### Task to carry out
In the entries below, find every line holding the string "stone" and collect it.

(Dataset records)
Start of Block

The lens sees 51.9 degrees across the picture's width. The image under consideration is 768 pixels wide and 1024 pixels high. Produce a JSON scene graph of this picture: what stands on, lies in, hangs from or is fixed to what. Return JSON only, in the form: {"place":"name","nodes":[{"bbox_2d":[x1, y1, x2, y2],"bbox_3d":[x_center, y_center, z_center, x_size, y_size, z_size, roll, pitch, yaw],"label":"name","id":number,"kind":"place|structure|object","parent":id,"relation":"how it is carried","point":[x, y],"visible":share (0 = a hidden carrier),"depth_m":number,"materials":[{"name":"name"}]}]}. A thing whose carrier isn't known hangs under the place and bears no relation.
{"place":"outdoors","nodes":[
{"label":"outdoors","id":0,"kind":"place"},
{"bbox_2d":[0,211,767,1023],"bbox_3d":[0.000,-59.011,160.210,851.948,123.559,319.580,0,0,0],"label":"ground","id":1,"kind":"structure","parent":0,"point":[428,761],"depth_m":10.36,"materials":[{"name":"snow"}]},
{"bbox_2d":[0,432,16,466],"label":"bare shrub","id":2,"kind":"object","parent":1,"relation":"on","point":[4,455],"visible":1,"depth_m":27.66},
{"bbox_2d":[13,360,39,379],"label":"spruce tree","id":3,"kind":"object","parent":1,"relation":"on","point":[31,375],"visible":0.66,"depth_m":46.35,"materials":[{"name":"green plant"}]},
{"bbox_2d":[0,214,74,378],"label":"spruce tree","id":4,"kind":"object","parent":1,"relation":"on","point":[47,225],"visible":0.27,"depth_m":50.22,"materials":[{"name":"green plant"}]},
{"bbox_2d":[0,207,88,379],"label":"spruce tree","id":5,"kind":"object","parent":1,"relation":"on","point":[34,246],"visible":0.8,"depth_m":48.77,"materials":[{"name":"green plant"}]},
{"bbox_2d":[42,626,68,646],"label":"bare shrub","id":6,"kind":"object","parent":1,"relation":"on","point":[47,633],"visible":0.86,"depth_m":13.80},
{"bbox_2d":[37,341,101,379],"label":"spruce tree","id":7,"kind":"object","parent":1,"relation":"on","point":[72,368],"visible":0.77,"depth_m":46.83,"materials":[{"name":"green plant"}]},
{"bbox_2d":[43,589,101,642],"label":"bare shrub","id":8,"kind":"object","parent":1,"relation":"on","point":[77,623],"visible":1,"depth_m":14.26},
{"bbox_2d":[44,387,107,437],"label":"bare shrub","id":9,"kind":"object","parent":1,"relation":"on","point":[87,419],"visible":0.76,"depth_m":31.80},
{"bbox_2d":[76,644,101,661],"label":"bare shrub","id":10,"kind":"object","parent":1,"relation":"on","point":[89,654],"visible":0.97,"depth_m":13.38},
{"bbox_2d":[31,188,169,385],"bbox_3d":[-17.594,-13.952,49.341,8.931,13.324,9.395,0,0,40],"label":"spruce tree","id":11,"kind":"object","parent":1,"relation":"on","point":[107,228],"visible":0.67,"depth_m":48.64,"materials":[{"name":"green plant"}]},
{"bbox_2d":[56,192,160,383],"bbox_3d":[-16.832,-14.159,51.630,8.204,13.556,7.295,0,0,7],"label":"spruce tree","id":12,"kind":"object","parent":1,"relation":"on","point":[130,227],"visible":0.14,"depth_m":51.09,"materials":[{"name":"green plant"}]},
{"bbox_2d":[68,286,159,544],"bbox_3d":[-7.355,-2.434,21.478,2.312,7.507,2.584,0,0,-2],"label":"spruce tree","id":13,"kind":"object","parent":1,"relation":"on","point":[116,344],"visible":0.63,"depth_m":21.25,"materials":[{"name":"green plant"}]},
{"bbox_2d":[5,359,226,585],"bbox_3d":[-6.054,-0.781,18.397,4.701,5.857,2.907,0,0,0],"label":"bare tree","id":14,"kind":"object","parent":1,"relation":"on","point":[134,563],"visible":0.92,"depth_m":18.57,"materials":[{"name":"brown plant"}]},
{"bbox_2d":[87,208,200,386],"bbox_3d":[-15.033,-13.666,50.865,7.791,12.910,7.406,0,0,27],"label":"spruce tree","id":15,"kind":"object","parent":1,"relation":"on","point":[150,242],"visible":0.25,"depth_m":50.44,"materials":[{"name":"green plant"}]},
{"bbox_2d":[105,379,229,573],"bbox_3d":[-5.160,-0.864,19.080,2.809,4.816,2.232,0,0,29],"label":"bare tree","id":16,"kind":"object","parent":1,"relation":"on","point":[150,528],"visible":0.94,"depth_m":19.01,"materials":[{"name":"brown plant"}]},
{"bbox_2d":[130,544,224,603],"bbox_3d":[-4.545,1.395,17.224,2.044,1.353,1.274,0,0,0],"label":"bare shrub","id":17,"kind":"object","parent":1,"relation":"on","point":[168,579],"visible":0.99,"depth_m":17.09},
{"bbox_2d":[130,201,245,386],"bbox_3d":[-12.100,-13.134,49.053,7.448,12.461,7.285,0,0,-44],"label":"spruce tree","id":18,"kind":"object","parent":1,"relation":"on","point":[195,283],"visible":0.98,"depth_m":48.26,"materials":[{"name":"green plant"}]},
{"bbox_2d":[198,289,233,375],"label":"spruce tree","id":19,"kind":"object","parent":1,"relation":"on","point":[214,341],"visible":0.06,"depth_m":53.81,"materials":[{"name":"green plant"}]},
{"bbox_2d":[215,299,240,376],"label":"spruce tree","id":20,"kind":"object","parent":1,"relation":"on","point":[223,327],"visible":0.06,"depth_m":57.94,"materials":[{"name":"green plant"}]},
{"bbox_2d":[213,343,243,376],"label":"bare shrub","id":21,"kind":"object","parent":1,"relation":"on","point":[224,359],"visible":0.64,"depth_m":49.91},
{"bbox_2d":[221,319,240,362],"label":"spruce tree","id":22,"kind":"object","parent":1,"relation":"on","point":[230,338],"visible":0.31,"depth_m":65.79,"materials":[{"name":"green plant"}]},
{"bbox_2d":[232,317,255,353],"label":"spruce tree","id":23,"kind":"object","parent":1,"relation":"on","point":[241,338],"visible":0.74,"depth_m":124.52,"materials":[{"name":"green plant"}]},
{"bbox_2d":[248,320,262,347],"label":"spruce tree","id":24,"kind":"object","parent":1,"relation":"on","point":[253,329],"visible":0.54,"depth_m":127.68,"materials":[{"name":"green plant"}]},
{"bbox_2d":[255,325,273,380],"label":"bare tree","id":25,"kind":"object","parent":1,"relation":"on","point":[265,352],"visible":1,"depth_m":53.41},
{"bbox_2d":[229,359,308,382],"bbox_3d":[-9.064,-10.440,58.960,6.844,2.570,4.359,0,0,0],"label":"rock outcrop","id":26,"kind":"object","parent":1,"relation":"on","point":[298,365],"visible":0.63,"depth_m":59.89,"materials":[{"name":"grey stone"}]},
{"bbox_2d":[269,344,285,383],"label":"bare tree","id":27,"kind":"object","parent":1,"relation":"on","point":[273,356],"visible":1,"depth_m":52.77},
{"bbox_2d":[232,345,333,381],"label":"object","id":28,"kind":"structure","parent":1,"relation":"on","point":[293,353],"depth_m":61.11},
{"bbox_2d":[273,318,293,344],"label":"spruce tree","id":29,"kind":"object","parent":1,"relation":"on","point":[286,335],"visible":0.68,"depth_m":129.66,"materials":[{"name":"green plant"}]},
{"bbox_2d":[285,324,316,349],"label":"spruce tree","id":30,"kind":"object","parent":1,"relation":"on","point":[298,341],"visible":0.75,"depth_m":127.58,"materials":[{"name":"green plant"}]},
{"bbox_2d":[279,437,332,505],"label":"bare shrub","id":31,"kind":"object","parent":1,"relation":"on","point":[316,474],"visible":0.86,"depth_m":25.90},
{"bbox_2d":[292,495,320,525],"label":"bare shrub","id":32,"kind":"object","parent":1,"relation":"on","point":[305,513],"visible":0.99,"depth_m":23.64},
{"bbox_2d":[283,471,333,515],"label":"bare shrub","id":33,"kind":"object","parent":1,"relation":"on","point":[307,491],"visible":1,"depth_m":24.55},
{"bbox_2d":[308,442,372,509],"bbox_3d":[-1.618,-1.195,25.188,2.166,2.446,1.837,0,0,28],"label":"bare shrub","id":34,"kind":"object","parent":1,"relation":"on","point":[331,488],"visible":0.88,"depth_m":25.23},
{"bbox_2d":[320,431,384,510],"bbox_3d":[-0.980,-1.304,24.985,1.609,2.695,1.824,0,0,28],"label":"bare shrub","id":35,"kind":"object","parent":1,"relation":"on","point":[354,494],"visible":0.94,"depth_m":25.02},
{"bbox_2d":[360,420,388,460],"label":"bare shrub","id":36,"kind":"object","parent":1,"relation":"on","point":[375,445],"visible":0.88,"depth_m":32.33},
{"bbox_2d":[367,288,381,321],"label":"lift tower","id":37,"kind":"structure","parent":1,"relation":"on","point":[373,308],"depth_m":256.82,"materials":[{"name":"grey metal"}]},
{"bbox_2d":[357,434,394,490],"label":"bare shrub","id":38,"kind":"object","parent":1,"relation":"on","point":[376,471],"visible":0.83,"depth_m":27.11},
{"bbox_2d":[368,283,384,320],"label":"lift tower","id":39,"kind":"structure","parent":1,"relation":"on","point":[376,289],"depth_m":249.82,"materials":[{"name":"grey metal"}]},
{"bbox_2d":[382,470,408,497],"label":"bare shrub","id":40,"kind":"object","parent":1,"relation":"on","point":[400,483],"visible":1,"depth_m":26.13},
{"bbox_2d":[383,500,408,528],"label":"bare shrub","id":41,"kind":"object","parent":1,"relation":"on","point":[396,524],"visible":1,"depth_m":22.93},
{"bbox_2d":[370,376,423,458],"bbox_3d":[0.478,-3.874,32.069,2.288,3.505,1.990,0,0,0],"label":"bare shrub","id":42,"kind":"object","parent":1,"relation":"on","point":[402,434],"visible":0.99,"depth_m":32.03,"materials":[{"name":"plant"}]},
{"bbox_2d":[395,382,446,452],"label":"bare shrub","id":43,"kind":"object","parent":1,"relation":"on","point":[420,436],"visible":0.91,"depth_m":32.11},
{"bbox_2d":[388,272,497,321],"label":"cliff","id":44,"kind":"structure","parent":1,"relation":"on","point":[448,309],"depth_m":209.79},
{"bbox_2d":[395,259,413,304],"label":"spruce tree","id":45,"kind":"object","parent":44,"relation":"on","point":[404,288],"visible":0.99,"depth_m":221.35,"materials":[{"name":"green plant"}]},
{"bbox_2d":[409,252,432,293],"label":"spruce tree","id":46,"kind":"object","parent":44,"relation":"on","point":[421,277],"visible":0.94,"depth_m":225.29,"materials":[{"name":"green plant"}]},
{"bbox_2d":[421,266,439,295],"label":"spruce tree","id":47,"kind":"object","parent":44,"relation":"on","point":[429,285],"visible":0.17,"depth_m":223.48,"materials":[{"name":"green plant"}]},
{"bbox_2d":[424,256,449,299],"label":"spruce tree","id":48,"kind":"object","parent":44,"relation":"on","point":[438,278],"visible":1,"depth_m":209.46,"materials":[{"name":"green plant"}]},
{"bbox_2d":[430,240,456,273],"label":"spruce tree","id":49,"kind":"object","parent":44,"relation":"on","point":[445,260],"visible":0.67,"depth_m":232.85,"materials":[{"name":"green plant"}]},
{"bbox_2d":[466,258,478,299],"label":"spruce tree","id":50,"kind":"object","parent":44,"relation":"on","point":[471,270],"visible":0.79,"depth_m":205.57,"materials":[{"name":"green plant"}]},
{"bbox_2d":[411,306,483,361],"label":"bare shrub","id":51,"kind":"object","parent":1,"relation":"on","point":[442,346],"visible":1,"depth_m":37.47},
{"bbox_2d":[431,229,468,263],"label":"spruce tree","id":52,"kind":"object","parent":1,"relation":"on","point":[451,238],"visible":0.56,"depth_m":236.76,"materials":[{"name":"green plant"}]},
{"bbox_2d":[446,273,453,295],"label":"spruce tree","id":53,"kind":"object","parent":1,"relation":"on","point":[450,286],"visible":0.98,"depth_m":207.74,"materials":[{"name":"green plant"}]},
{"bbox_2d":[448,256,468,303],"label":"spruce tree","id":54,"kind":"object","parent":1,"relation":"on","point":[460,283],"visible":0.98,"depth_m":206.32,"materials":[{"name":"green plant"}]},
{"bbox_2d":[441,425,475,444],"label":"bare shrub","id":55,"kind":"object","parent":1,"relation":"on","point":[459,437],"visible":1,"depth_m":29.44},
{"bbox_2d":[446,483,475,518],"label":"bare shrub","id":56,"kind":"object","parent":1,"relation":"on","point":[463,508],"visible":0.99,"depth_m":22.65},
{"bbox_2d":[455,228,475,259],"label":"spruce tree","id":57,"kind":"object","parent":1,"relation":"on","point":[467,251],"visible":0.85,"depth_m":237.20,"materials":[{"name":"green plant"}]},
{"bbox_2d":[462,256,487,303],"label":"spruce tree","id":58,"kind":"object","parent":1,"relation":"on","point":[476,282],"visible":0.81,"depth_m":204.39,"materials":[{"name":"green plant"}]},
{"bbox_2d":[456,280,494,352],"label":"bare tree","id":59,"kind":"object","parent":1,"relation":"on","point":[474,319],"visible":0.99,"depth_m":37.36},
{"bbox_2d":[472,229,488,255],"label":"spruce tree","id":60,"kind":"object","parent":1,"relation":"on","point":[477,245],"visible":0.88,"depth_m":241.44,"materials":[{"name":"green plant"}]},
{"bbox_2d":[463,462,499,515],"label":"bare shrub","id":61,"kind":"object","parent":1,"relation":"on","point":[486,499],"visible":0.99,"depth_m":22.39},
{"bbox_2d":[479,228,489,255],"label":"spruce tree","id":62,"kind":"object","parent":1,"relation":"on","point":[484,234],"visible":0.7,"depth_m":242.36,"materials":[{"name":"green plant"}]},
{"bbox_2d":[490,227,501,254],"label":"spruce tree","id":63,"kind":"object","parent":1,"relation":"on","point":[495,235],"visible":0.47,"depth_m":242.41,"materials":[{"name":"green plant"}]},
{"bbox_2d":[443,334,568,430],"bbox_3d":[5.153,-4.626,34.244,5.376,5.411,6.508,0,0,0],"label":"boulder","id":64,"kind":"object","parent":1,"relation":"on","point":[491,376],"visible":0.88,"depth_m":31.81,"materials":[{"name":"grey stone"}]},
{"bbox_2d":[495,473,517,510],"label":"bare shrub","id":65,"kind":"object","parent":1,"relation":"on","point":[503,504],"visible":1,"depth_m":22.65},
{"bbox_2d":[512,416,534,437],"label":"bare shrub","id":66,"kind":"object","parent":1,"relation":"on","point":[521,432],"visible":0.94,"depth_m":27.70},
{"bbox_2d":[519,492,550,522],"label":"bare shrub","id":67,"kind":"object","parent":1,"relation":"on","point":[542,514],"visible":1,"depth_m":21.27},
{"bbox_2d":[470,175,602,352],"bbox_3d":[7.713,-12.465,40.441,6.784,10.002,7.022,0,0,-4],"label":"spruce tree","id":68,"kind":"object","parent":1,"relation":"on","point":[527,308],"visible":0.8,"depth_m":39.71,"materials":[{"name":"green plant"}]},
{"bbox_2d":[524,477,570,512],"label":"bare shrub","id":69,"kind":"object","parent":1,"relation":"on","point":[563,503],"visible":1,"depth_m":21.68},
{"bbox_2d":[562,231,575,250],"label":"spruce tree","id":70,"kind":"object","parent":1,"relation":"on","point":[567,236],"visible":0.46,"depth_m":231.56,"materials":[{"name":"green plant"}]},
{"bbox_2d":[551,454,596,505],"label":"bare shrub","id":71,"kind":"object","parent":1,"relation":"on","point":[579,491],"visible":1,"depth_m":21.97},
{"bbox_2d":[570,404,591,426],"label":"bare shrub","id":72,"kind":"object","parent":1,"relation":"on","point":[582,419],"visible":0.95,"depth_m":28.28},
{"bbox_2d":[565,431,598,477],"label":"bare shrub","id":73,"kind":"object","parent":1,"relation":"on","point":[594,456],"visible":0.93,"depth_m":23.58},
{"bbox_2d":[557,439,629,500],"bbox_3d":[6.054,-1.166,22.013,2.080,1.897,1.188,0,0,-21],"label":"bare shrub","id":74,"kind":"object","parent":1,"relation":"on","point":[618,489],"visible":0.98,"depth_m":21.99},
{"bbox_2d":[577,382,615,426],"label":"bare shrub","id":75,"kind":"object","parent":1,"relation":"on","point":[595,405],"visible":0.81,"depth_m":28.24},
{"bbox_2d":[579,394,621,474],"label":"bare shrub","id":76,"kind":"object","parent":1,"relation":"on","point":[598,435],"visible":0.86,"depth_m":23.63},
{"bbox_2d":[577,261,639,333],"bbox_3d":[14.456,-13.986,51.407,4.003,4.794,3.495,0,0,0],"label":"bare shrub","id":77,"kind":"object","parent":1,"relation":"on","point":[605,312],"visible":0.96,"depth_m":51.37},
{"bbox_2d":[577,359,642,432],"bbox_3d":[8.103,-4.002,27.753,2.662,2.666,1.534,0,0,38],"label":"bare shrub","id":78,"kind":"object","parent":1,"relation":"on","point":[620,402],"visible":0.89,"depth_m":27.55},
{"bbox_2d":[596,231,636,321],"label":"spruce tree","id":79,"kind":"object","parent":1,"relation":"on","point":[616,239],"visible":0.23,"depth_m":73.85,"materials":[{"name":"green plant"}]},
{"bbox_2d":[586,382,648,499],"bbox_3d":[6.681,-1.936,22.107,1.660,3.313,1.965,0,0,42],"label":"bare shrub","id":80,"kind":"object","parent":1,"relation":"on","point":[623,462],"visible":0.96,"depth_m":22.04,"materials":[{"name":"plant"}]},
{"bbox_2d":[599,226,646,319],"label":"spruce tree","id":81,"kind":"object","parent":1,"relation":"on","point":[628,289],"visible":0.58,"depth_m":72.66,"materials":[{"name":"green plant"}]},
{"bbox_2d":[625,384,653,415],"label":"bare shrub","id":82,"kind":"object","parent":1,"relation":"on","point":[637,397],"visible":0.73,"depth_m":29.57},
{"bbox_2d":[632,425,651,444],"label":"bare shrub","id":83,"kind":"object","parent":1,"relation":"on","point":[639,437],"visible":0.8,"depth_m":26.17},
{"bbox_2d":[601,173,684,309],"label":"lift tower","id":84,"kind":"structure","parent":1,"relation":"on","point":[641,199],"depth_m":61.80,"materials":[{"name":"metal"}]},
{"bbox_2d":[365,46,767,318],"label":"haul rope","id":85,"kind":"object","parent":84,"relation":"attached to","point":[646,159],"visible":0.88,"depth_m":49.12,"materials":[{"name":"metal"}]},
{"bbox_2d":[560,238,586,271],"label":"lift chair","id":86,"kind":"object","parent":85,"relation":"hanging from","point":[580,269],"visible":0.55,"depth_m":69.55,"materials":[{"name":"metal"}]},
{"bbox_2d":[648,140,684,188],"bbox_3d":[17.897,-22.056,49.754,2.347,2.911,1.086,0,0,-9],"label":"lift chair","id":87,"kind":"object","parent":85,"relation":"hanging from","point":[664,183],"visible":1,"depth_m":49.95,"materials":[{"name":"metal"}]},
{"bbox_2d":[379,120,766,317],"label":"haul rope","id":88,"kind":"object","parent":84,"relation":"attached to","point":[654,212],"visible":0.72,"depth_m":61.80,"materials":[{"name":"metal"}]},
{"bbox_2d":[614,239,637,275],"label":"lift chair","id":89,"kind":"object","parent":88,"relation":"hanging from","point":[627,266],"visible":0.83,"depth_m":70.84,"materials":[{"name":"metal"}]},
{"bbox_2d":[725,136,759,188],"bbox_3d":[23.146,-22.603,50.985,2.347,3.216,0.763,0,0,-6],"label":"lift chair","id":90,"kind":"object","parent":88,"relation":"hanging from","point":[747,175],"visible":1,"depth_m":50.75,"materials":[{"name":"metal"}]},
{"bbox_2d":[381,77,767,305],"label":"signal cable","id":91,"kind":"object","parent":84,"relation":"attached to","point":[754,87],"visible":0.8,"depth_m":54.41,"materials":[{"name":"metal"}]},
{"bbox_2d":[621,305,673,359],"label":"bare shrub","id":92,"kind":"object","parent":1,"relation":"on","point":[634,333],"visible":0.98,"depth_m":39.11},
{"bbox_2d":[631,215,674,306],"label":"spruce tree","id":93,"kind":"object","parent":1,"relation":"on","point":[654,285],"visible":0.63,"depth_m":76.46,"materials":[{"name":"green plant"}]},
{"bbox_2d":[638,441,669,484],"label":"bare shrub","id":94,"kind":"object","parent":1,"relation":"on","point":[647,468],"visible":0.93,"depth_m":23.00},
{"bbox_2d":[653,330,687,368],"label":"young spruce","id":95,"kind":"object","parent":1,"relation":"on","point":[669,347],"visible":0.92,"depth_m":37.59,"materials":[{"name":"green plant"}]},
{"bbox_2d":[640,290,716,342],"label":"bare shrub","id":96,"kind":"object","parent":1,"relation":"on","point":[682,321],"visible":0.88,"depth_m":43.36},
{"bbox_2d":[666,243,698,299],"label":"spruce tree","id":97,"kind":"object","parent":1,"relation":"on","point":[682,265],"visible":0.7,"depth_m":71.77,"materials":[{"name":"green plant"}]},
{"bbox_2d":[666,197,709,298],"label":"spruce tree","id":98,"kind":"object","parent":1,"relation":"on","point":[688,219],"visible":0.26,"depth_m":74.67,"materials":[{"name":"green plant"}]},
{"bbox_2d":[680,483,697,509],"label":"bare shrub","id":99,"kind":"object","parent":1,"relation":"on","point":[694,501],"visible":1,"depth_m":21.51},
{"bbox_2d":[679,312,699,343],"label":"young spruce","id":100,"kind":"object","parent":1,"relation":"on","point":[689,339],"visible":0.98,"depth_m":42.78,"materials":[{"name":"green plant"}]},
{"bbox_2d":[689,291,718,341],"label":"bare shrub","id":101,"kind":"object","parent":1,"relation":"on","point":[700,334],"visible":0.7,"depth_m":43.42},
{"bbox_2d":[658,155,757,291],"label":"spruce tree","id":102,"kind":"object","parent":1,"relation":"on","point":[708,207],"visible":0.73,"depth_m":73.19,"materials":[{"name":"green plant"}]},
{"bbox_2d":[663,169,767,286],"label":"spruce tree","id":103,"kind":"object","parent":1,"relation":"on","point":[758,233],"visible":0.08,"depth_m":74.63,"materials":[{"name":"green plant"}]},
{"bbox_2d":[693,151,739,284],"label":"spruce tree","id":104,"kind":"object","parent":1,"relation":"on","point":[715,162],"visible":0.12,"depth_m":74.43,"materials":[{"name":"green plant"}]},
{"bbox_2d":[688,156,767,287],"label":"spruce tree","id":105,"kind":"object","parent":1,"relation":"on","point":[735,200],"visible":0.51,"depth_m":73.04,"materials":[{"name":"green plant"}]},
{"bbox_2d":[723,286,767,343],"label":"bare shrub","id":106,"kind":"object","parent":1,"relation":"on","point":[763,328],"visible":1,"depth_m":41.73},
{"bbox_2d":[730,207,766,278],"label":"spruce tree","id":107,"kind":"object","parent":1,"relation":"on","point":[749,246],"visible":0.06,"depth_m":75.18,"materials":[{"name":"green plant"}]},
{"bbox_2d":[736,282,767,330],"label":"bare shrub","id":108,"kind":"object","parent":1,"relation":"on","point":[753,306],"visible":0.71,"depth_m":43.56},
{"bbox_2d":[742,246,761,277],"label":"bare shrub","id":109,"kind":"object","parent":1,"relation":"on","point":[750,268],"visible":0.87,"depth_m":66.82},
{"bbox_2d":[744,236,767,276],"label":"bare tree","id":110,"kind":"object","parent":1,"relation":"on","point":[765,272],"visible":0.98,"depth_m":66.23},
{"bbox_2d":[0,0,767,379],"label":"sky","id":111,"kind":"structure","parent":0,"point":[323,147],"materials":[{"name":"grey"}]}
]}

End of Block

### Expected answer
{"bbox_2d":[229,359,308,382],"bbox_3d":[-9.064,-10.440,58.960,6.844,2.570,4.359,0,0,0],"label":"rock outcrop","id":26,"kind":"object","parent":1,"relation":"on","point":[298,365],"visible":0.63,"depth_m":59.89,"materials":[{"name":"grey stone"}]},
{"bbox_2d":[443,334,568,430],"bbox_3d":[5.153,-4.626,34.244,5.376,5.411,6.508,0,0,0],"label":"boulder","id":64,"kind":"object","parent":1,"relation":"on","point":[491,376],"visible":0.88,"depth_m":31.81,"materials":[{"name":"grey stone"}]},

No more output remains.